Has anyone kept it? I just got a bunch of it (enough to stock a 15 gal and more) for 3 bucks last night cause it was so cheap and have never had any experience with it. I currently have it in full light. I'm a plant killer, (can't even keep java moss alive lol!) so I kinda need to know pretty soon so I don't end up killing this too. Thanks! 
Betta man


----------



## grogan

Its an incredibly easy plant to keep. It has very basic requirements:

The tank light must be on a timer (10hrs max)
Since it is a rooted plant some root tabs would really help

Other than that your fish in the tank should provide enough CO2 and Nitrates for the plant to thrive. It may take a while to take off but should grow in thick and completely fill your aquarium.


----------



## mousey

I have had them and found them opposite to what grogan has said. I was told at the store that they were more fragile than jungle vals- i have ton of these- The leaves snapped off really easily and they yellowed quickly. Also the fish seemed to dig them out whereas they never do that with the jungle vals. Good luck with them.


----------



## Betta man

I have it with 3 bettas.
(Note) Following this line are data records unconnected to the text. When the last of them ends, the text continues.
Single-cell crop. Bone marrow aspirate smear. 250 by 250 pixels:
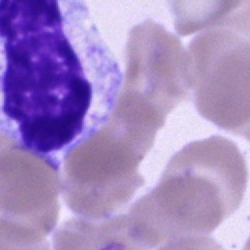 Morphology consistent with an artifact.
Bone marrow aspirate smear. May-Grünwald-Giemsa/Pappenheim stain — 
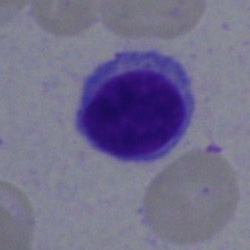{"cell_type": "lymphocyte"}
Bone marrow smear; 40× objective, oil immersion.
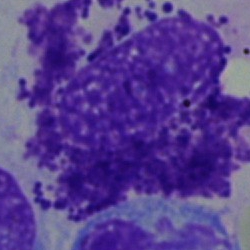
Specimen: bone marrow smear.
Cell: cell not matching the other categories.
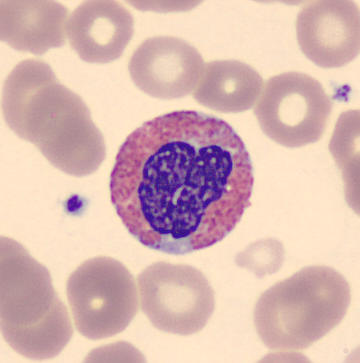

Classification: eosinophil.
360 by 363 pixels; peripheral blood smear.
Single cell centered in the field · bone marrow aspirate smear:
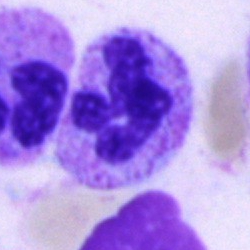 Polymorphonuclear neutrophil.
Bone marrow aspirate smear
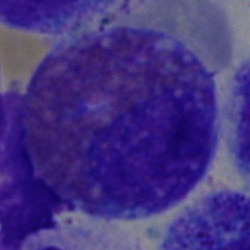

Cell type = eosinophilic granulocyte.
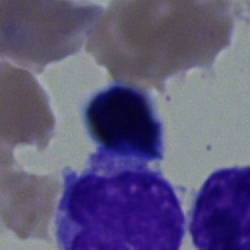Cell: lymphocyte.
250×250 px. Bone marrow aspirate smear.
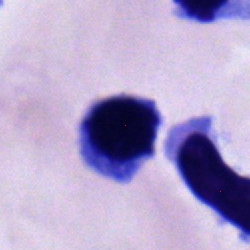Q: What is shown here?
A: This is a normoblast.

I don't think they'll get 10 hours of sunlight per day, but maybe 6. Would that be okay? I have brown algae growing in my tank, so I guess there's plenty of nitrates. I have liquid co2 that I added. (that's what it's marked as) I buried the roots under some rocks and gravel and driftwood. Is that okay for it? Is it good in cold water down to 60? Thanks!


----------



## ZebraDanio12

Betta man said:


> I have it with 3 bettas. I don't think they'll get 10 hours of sunlight per day, but maybe 6. Would that be okay? I have brown algae growing in my tank, so I guess there's plenty of nitrates. I have liquid co2 that I added. (that's what it's marked as) I buried the roots under some rocks and gravel and driftwood. Is that okay for it? Is it good in cold water down to 60? Thanks!
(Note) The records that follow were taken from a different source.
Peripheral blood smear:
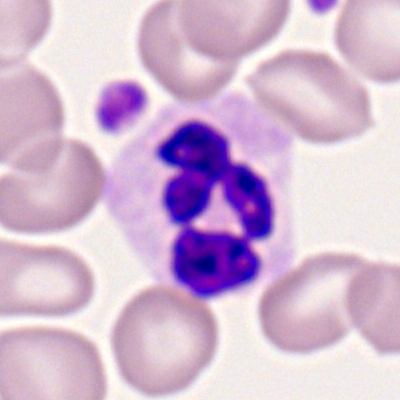
Specimen: peripheral blood film.
Cell type: neutrophil (segmented).
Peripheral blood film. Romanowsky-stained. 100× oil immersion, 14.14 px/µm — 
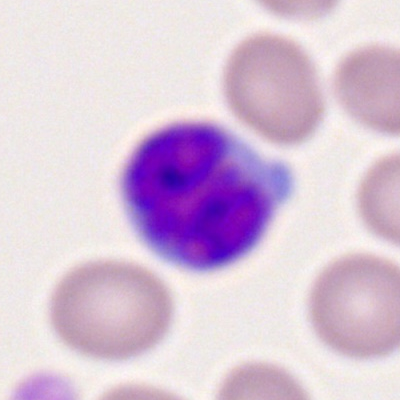
Cell type = typical lymphocyte.
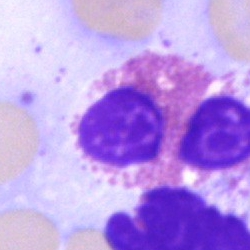 Bone marrow aspirate smear, single cell — eosinophilic granulocyte.
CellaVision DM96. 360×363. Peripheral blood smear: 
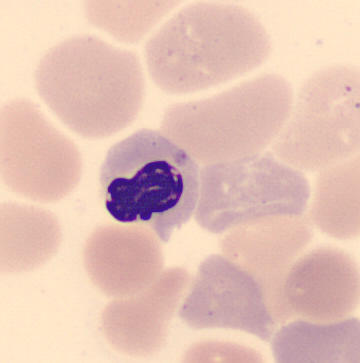

A nucleated red cell.
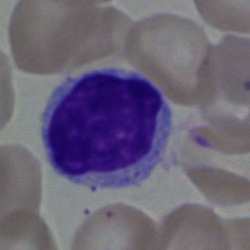 The cell is lymphocyte.
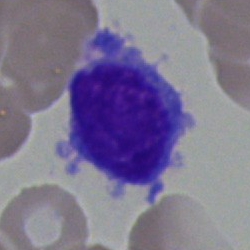 Cell type — plasma cell.
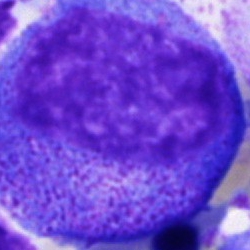

Specimen: bone marrow aspirate smear.
Classification: progranulocyte.
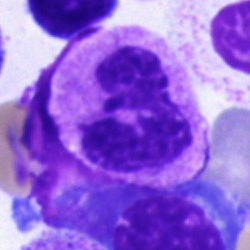Cell type — polymorphonuclear neutrophil.
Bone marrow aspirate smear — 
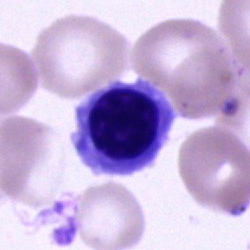 Morphology → normoblast.
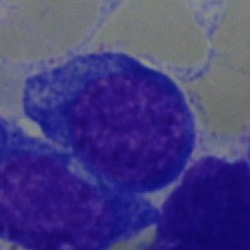Morphological class — proerythroblast.
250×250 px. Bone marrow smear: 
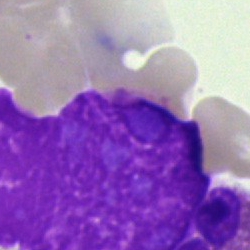 Specimen: bone marrow aspirate smear.
Cell: artefact.
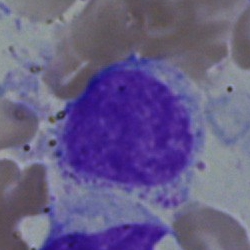

Morphology — myelocyte.

Where'd you manage to get such great prices? Plants need a lot of light. Isn't there a light on the tank?


----------



## Betta man

Sacramento aquarium society. Great place. Huge amounts of java moss sell for 4 bucks.


----------



## mousey

I don't know if it --vals--is good for down to 60-- but I hope you don't let the bettas go to 60 as they are tropical fish!!


----------



## Betta man

I was talking about putting it in my pond. I would feel bad letting it get down to 70.


----------



## grogan

Hmm you know there are alot of cold water species of sag in the country. I found some in a lake last weekend in Anchorage. Do some research and see if any of you local streams or rivers have cold water sag. Hmm are California waters still considered cold water?


----------



## Betta man

Not all. There's lake flieshman which stays 68-70 all year, but the american river gets really cold! The water outside will freeze in the winter where I am, but we never get more than an inch of snow and it doesn't stick.


----------